Посвящено памяти Елены Андреевны Телешовой, верного друга всей долгой жизни моей
Когда я был еще подростком, мне посчастливилось быть свидетелем небывалого до того времени события и торжества. В центре Москвы, во главе Тверского бульвара, перед широкой Страстной, ныне Пушкинской, площадью, в 1880 году 6 июня открывался памятник Пушкину — первый памятник писателю.
Обычно памятники воздвигались на улицах Москвы только царям. И это отметил присутствовавший на торжестве Островский. Возглашая тост за русскую литературу, он метко сказал:
— Сегодня на нашей улице — праздник!
Хорошо помню красивую голову маститого писателя Тургенева с пышными седыми волосами, стоявшего у подножия монумента, с которого торжественно только что сдернули серое покрывало. Помню восторг всей громадной толпы народа, в гуще которого находился и я, тринадцатилетний юнец, восторженный поклонник поэта. Помню бывших тут же на празднике писателей — Майкова, Полонского, Писемского, Островского. Помню и сухощавую, сутулившуюся фигуру Достоевского и необычайное впечатление от произнесенной им речи, о которой на другой день говорила вся Москва.

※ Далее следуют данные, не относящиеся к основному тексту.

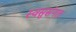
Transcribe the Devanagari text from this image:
स्वसुसंगत
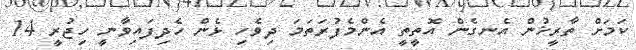
ކަމަށް ތާރީޚުން އެނގެން އޮތީތީ އެންމެފުރަތަމަ ދިވެހި ޅެން ހެދިފައިވާނީ ހިޖުރީ 14
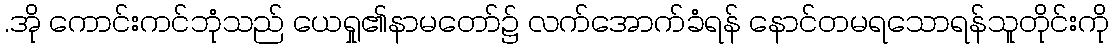
.အို ကောင်းကင်ဘုံသည် ယေရှု၏နာမတော်၌ လက်အောက်ခံရန် နောင်တမရသောရန်သူတိုင်းကို
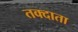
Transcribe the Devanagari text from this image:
तक्दाता
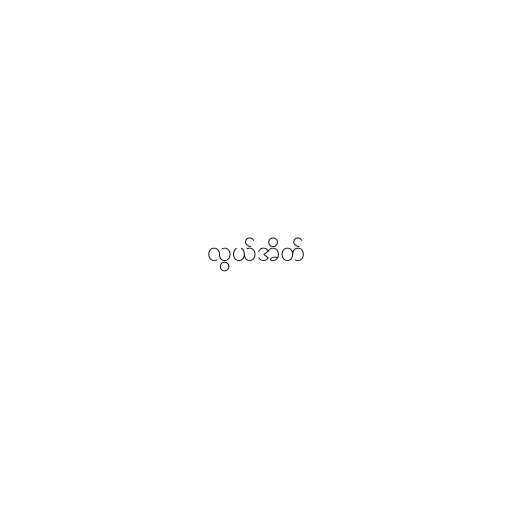
လွယ်အိတ်
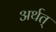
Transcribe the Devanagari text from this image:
अर्थत्
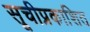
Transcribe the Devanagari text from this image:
सूचीप्रकाशित
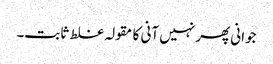
جوانی پھر نہیں آنی کا مقولہ غلط ثابت۔
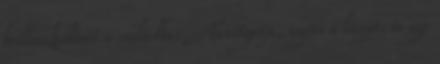
beilleszkedését a családba. Tanítgatja, segíti a lányt, és egy

Речь эта была сказана не здесь, на площади, у памятника, а в Колонном зале нынешнего Дома союзов. Возглашая тост за русскую литературу, он говорил:
— Пушкин раскрыл нам русское сердце и показал нам, что оно неудержимо стремится к всемирности и всечеловечности… Ой первый дал нам прозреть наше значение в семье европейских народов…
Вечером в торжественном концерте, состоявшемся при участии огромного оркестра и знаменитых артистов, Достоевский, выйдя на эстраду, сутулясь и ставши как-то немножко боком к публике, прочитал пушкинского «Пророка» резко и страстно:
— Восстань, пророк!..
И закончил с необычайно высоким нервным подъемом:
— Глаголом жги сердца людей!..
Полагаю, что никто и никогда не читал этих вдохновенных строк так, как произнес их не актер, не профессиональный чтец, а писатель, проникнутый искренним и восторженным отношением к памяти величайшего русского поэта.

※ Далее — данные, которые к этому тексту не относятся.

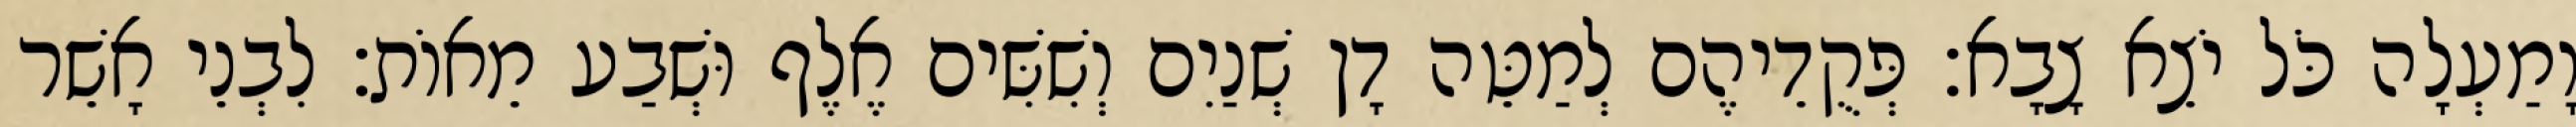
וָמַעְלָה כֹּל יֹצֵא צָבָא׃ פְּקֻדֵיהֶם לְמַטֵּה דָן שְׁנַיִם וְשִׁשִּׁים אֶלֶף וּשְׁבַע מֵאוֹת׃ לִבְנֵי אָשֵׁר

Создатель памятника, одного из лучших по простоте, красоте и выразительности, Александр Михайлович Опекушин был выходцем из простого народа, из крепостной крестьянской семьи, сперва — самоучка, затем признанный художник и, наконец, академик.
Вспоминаются мне также и увлекательные разговоры и рассказы о многолюдном банкете в связи с торжествами, где я тогда в качестве постороннего юнца присутствовать, конечно, не мог, где Катков, когда-то близкий Белинскому, но потом резко изменивший свои политические взгляды, протянул было к Тургеневу свой бокал, чтобы чокнуться. Но тот отвернулся.
Тургенев на этом торжестве говорил:
— Будем надеяться, что всякий наш потомок, с любовью остановившийся перед изваянием Пушкина и понимающий значение этой любви, тем самым докажет, что он, подобно Пушкину, стал более русским и более образованным, более свободным человеком.
На гранитном пьедестале памятника помещены были в крупном барельефе слова Пушкина, искаженные цензурой. Насколько помнится, было написано так:
И долго буду тем народу я любезен,
Что чувства добрые я лирой пробуждал,
Что прелестью стихов я был полезен…
И только теперь, в советское время, эту надпись заменили подлинными словами поэта:
И долго буду тем любезен я народу,
Что чувства добрые я лирой пробуждал,
Что в мой жестокий век восславил я свободу
И милость к падшим призывал.
Разница в надписи весьма существенная.
Не знаю, остался ли кто-нибудь в живых из свидетелей этого великого торжества и праздника литературы, этого первого чествования памяти русского писателя, который «в свой жестокий век восславил свободу» и верил, что «Россия вспрянет ото сна и на обломках самовластья» напишет имена тех, кто боролся и погиб за будущее счастье народа.
Эти дни открытия памятника Пушкину остаются для меня одними из самых радостных и светлых, хотя все это и было семьдесят пять лет тому назад.